Trump Announces ‘Land-Based’ Strikes In Cartel War

President Trump on Thursday announced a further escalation in the administration’s campaign against transnational drug cartels, telling reporters at a White House roundtable that military and federal law-enforcement efforts will expand from maritime strikes to land-based operations aimed at cartel infrastructure.

The move follows a series of seaborne strikes that the White House says began in early September and have targeted vessels alleged to be transporting illicit narcotics from the waters off Venezuela and Colombia. Officials framed the maritime campaign as part of a broader push that, they say, has led to thousands of arrests in recent weeks and a sharp increase in interdiction activity.
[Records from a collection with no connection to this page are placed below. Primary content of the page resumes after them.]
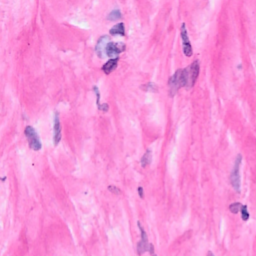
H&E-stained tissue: Breast
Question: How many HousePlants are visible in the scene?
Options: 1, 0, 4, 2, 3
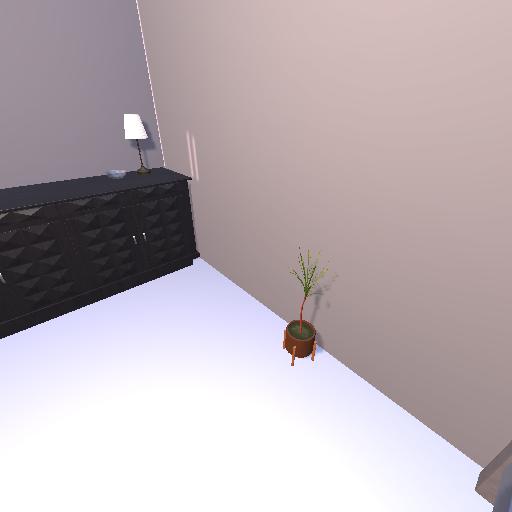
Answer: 1
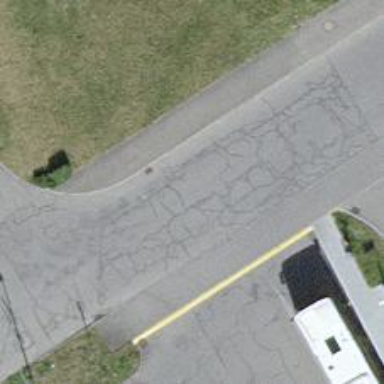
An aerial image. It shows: Bus stop with designated public transport stop position.
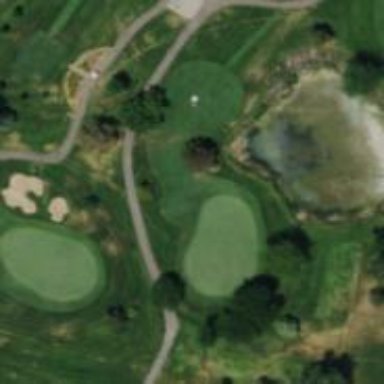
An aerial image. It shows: View of golf hole.
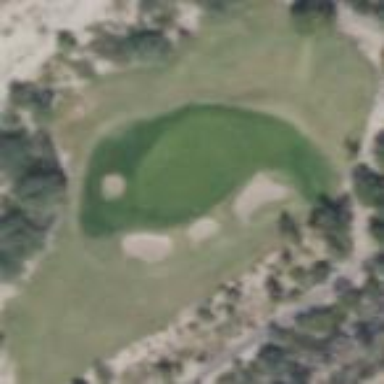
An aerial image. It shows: Rough area on grassy golf course.
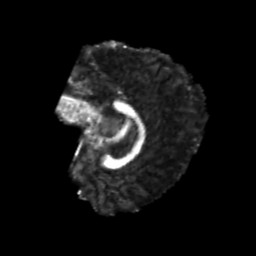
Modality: FA
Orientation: sagittal
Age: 24
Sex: female
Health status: healthy
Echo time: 0.074 s
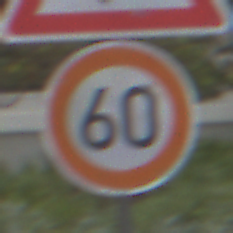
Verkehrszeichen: Geschwindigkeit60
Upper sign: AmphibienwanderungLinks
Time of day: Midday
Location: Outdoor (Urban)
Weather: Overcast
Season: NotSpecified
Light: Natural
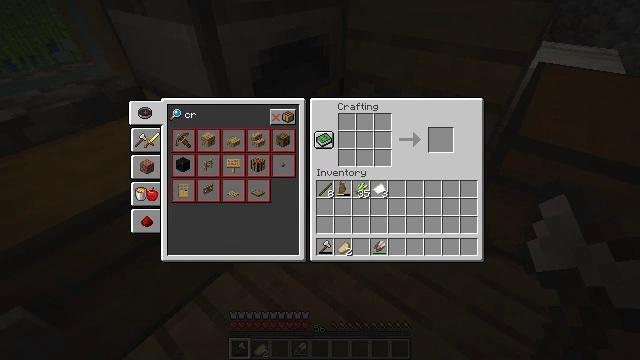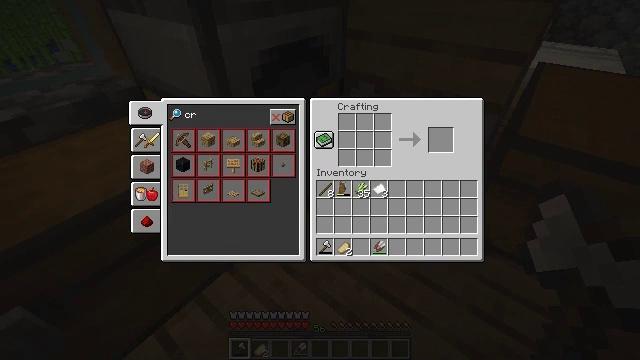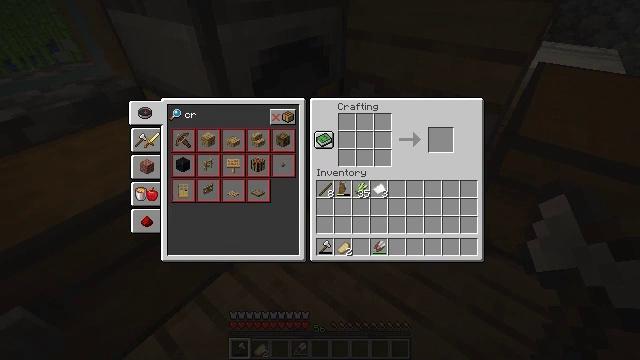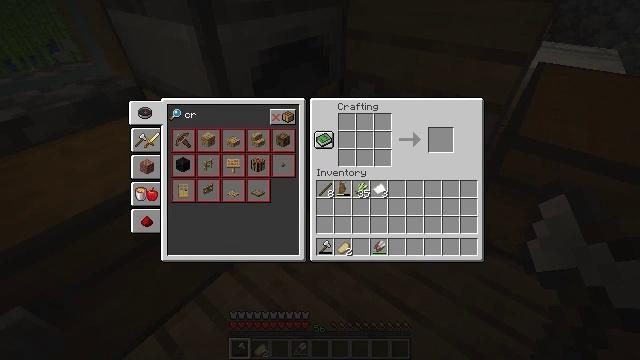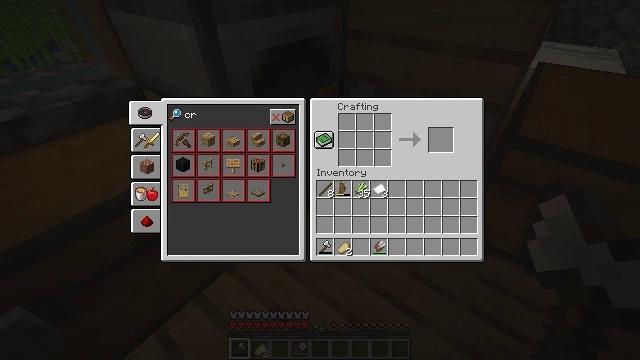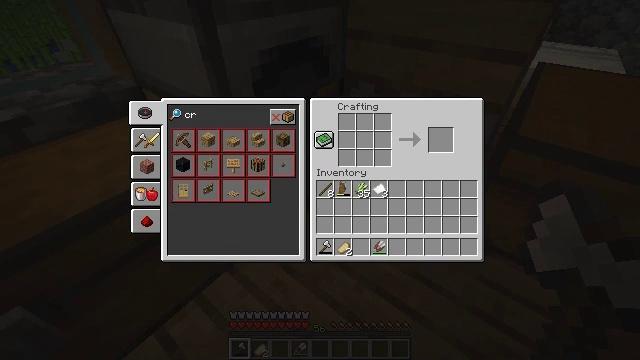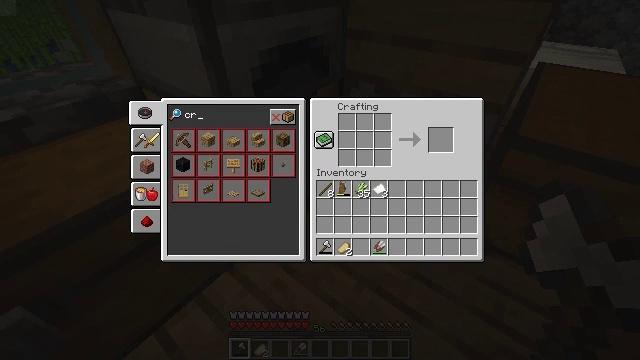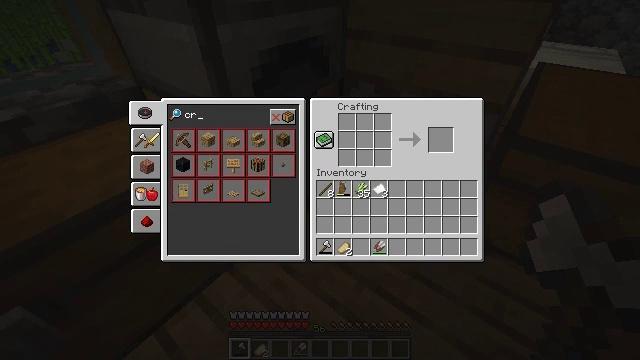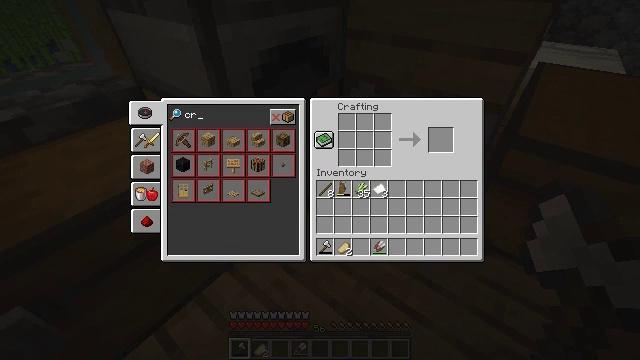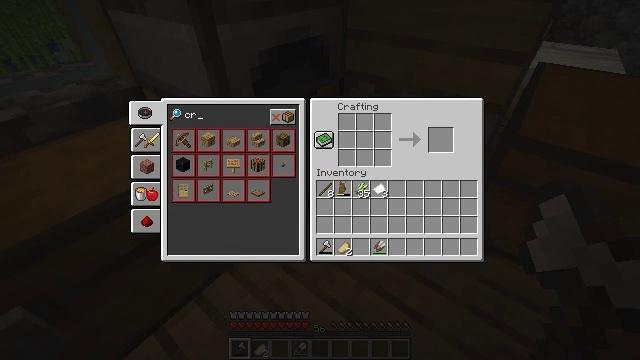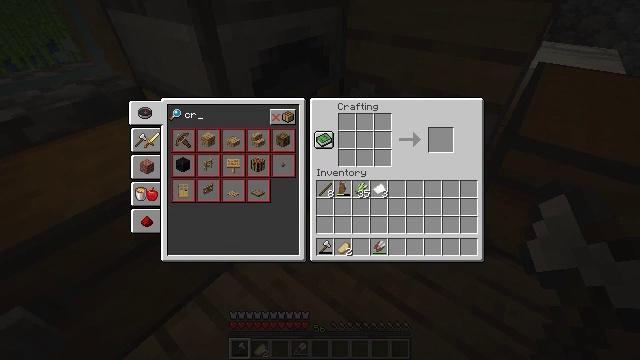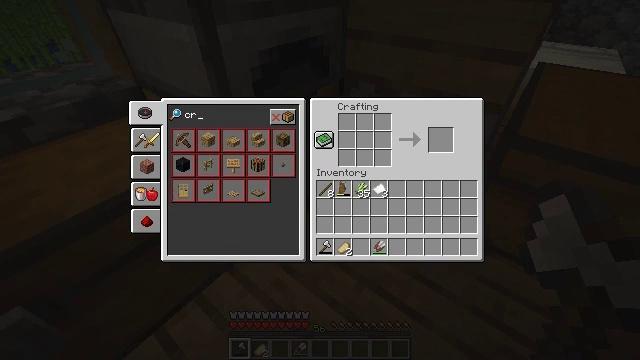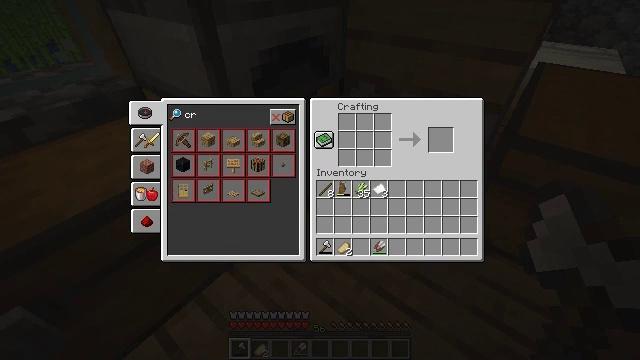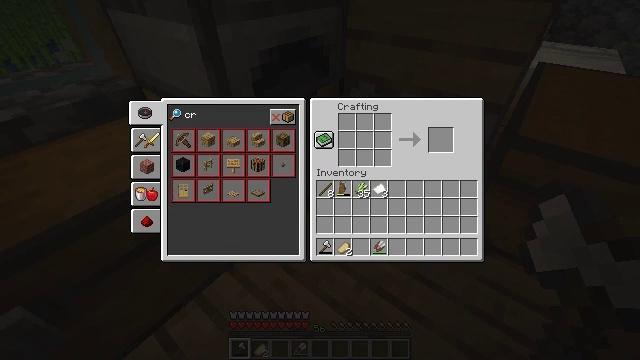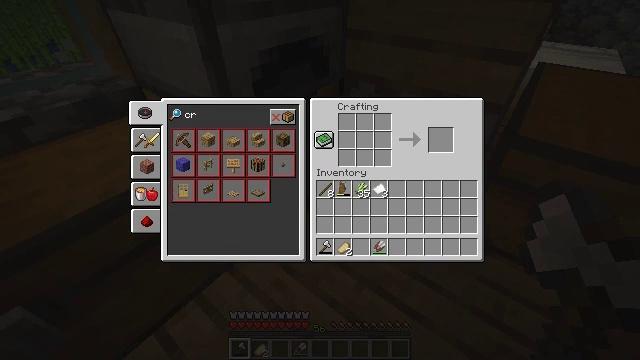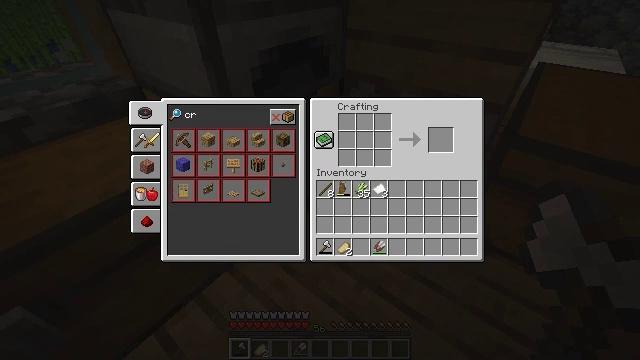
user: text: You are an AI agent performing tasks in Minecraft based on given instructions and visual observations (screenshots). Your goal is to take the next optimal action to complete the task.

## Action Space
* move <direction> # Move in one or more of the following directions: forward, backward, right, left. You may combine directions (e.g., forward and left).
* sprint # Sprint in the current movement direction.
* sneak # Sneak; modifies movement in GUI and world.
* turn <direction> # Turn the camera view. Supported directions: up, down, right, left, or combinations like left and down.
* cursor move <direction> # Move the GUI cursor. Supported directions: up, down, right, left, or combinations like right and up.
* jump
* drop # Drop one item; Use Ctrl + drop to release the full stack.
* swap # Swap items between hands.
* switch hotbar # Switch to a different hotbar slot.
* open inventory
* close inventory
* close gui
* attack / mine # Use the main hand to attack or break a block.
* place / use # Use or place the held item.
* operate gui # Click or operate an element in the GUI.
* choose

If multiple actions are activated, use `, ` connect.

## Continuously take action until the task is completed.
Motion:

Trump told reporters he will notify Congress of the planned expansion, but he made clear the administration does not intend to pursue a formal declaration of war. “I don’t think we’re going to necessarily ask for a declaration of war,” he said — and in blunt language reiterated that the operations are meant to be lethal when necessary.
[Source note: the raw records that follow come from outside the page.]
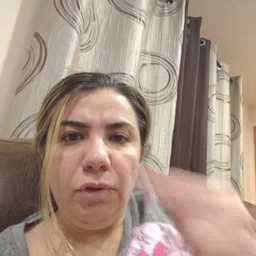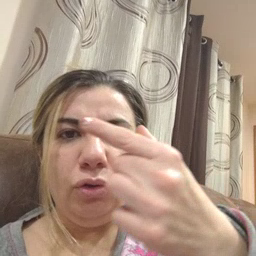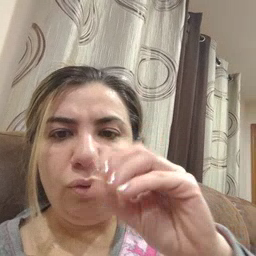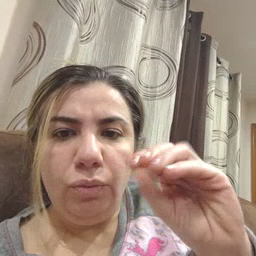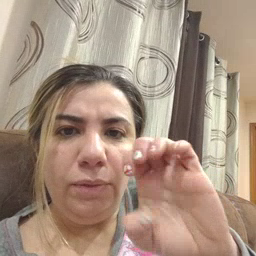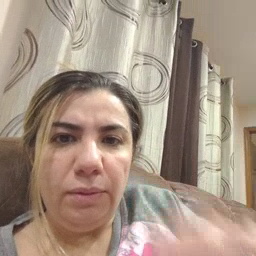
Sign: goose
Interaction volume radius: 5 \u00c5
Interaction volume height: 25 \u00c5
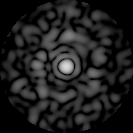
Disorder parameter: 0.8884
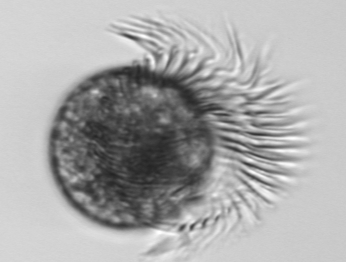
Label: Pelagostrobilidium
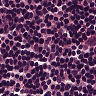
Metastatic tissue present: no
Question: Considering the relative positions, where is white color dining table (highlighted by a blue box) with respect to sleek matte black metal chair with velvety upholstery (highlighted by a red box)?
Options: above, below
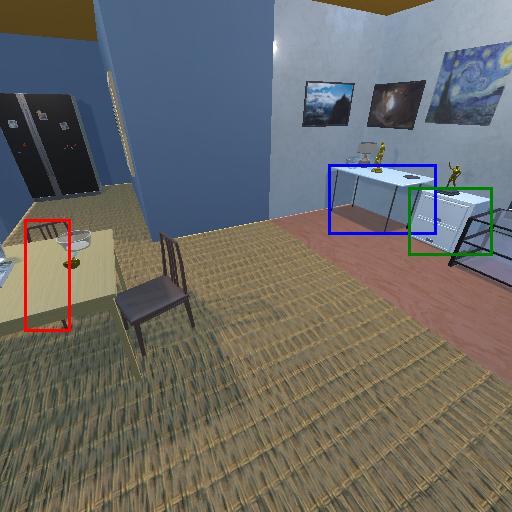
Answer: above
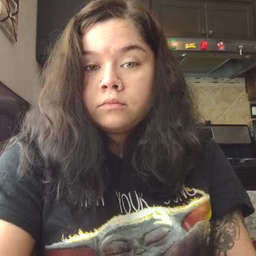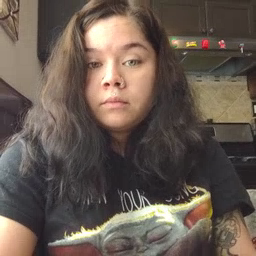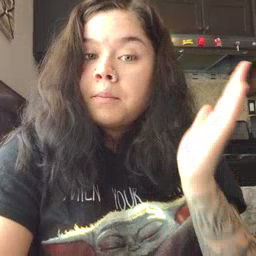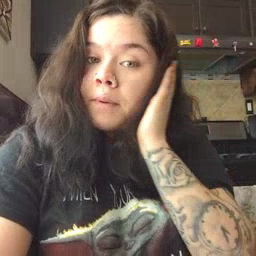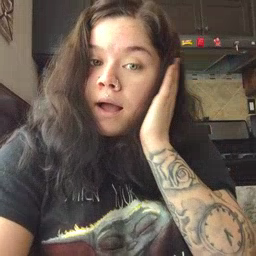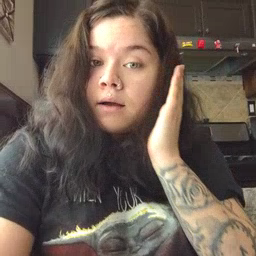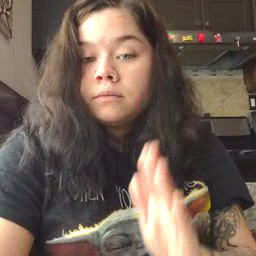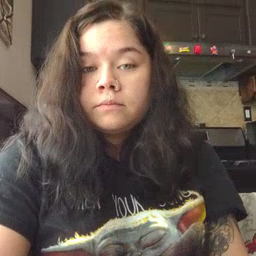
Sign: bed

Land strikes, as described by senior officials, could involve special operations forces, drone strikes or targeted attacks on processing labs and staging areas used by cartels. The Pentagon and intelligence agencies have reportedly been preparing for such options for weeks, collecting the on-the-ground intelligence planners say is required before kinetic action ashore.

Supporters of the policy argue the measures are a forceful response to the fentanyl crisis, which federal officials and the White House say has wrought enormous harm in the United States. Administration briefings have pointed to large numbers of overdose deaths tied to synthetic opioids in recent years as justification for aggressive interdiction. Public-health data confirm fentanyl is a leading driver of overdose fatalities, even as experts caution the counts and trends are complex and evolving.
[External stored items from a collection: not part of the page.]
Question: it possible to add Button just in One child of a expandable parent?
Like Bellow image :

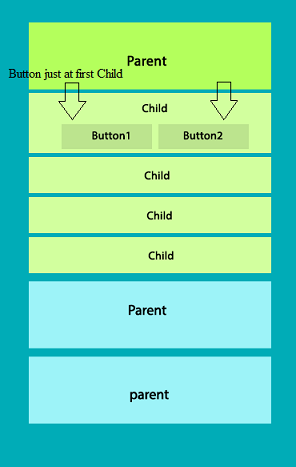
Answer: Okay, this is how you can accomplish this through an adapter:
'''
static class ViewHolder {
TextView textView;
Button button1, button2;
}
@Override
public int getChildTypeCount() {
return 2;
}
@Override
public int getChildType(int groupPosition, int childPosition) {
if (childPosition == 0)
return 0;
else
return 1;
}
@Override
public View getChildView(int groupPosition, int childPosition, boolean isLastChild, View convertView, ViewGroup parent) {
ViewHolder holder;
if (convertView == null) {
holder = new ViewHolder();
if (childPosition == 0) {
// 1st view specifics here
convertView = mInflater.inflate(R.layout.exp_list_child_2, parent, false);
holder.button1 = (Button) convertView.findViewById(R.id.button1);
holder.button2 = (Button) convertView.findViewById(R.id.button2);
holder.button1.setOnClickListener(new View.OnClickListener() {
@Override
public void onClick(View v) {
Toast.makeText(mContext, "Some action here", Toast.LENGTH_SHORT).show();
}
});
} else {
// Other views
convertView = mInflater.inflate(R.layout.exp_list_child, parent, false);
}
holder.textView = (TextView) convertView.findViewById(R.id.childItem);
convertView.setTag(holder);
} else {
holder = (ViewHolder) convertView.getTag();
}
holder.textView.setText("Use your data here for other items");
return convertView;
}
'''
Few things to note here:
- - 'getChildTypeCount''getChildType'-
The solution that @FrankN.Stein offered is also eligible. I'm not sure which one is better performance-wise (you'll have to test it yourself). Still, keep in mind that even though GONE views are invisible and don't take up any space in the layout, they are still present in the view hierarchy and the memory.
:
When the adapter re-uses the views, it has to know which view to get. So it calls 'getChildType' with child's position and asks: "What type is this"?
If there was only a single type(that's by default), then the adapter couldn't distinguish between them and would re-use your 1st-child-layout in places where it shouldn't be.
<URL> has a nice picture which explains how the view's are re-used.
Hope this somewhat clears it up :-) Happy coding !
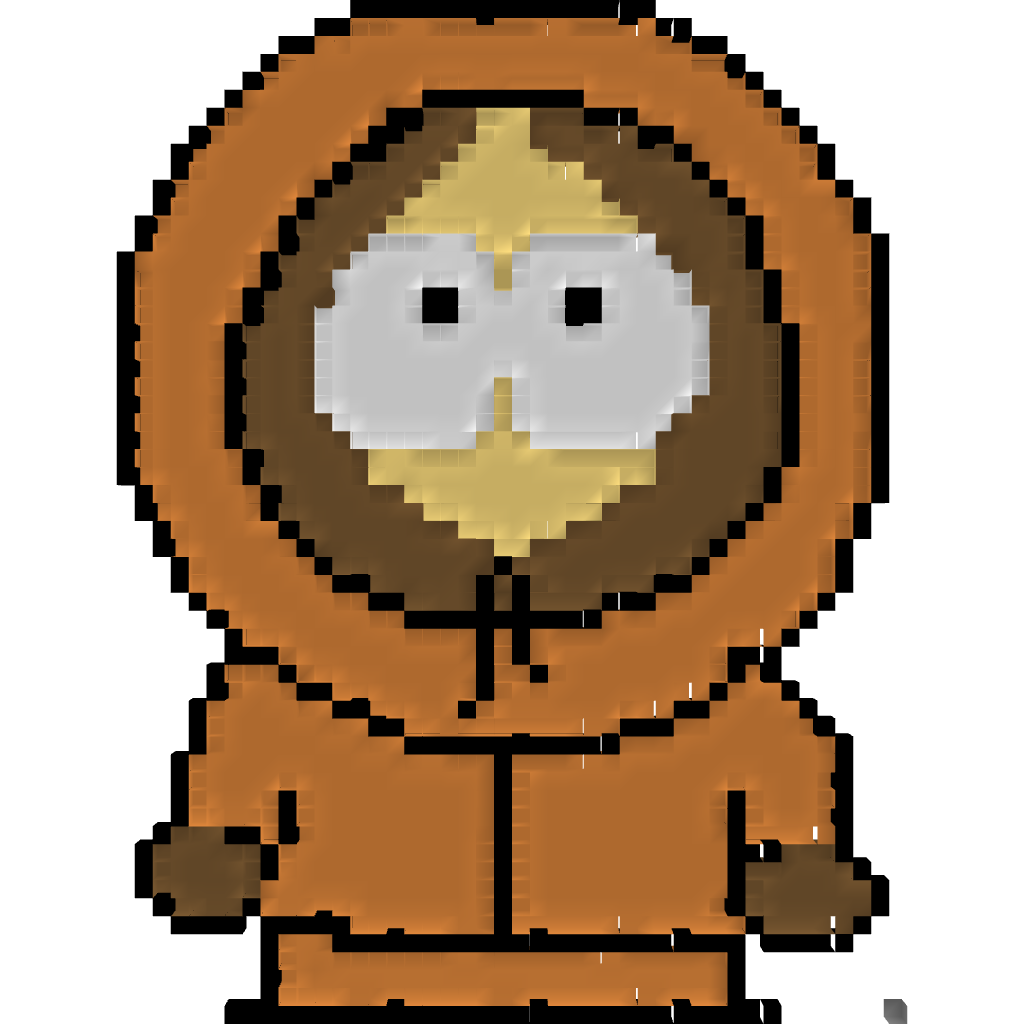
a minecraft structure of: Kenny high quality

Critics, including lawmakers, human-rights groups and international officials, warn the strikes raise serious legal and ethical questions. They say using U.S. military force without clear congressional authorization risks escalation with foreign governments and could amount to extrajudicial killings if suspects are not captured and prosecuted, not merely targeted and killed. Legal scholars also contend the move could set a fraught precedent for how the United States confronts transnational crime.

As the administration prepares its notification to Capitol Hill, the debate is now twofold: whether land-based operations will effectively choke smuggling networks, and whether the legal and diplomatic costs of such a campaign are worth the gains in disrupting the flow of illicit drugs into the United States.